Paris élabore un « second mécanisme » de surveillance au Liban dédié au désarmement du Hezbollah

Le ministre français des Affaires étrangères, Jean-Noël Barrot, arrivant à Bruxelles le 15 décembre 2025 pour participer à une table ronde du Conseil des affaires étrangères de l'UE. Photo Omar Havana/Reuters

Le ministre français des Affaires étrangères, Jean-Noël Barrot, a affirmé lundi qu’un « second mécanisme » de surveillance au Liban sur le désarmement du Hezbollah était en cours d’élaboration « pour éviter l’escalade ».

« Nous travaillons à la mise en place d’un second mécanisme qui aura vocation à faire le suivi du désarmement du Hezbollah, élément essentiel pour éviter l’escalade et garantir un chemin crédible pour une garantie pleine et entière de la souveraineté du Liban », a-t-il déclaré, lors d'un point presse organisé à l'issue d’une réunion du Conseil de partenariat entre le Liban et l’Union européenne, à laquelle a notamment assisté son homologue libanais Joe Raggi.

M. Barrot s’est par ailleurs félicité des récents pourparlers tenus à Naqoura au Liban-Sud entre un négociateur civil libanais, Simon Karam, et un Israélien lors de la dernière réunion, début décembre, du comité de surveillance cessez-le-feu entre Israël et le Hezbollah, aussi appelé « mécanisme ».

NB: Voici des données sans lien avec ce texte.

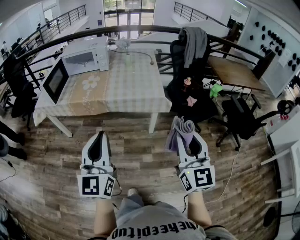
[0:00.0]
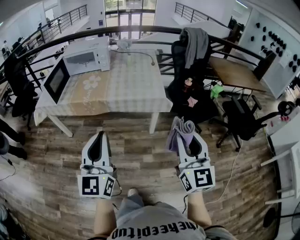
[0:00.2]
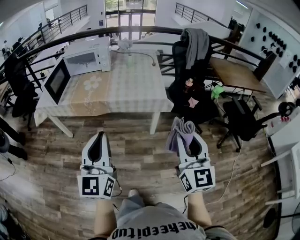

« Nos efforts conjoints avec les États-Unis et l’Arabie Saoudite se poursuivent et ont conduit il y a quelques jours au premier dialogue en 40 ans entre des civils libanais et israéliens dans le cadre de ce mécanisme de suivi du cessez-le-feu que nous avons conçus l’année dernière », a-t-il ajouté.

Ces déclarations du ministre français ont été tenues à l'issue de la première réunion du Conseil de partenariat entre le Liban et l’Union européenne en huit ans. Plusieurs diplomates européens de haut rang ont participé à ces échanges, dont la cheffe de la diplomatie européenne, Kaja Kallas. « Le soutien à l’armée (libanaise) n’est pas un acte de charité, mais un investissement stratégique dans la stabilité », y a notamment affirmé Joe Raggi, soulignant son souhait de voir « l’Union européenne poursuivre son appui à l’institution militaire ».

« Aux côtés du Liban en ce moment critique »

« Le Liban est entré, en 2025, dans une phase décisive de restauration de l’État. La décision gouvernementale historique prise le 5 août, qui prévoit de réserver le monopole des armes à l’État à travers ses forces de sécurité légitimes, constitue une étape charnière dans ce processus », a déclaré le ministre libanais, dans des propos rapportés par l'Agence nationale d'informations (Ani, officielle).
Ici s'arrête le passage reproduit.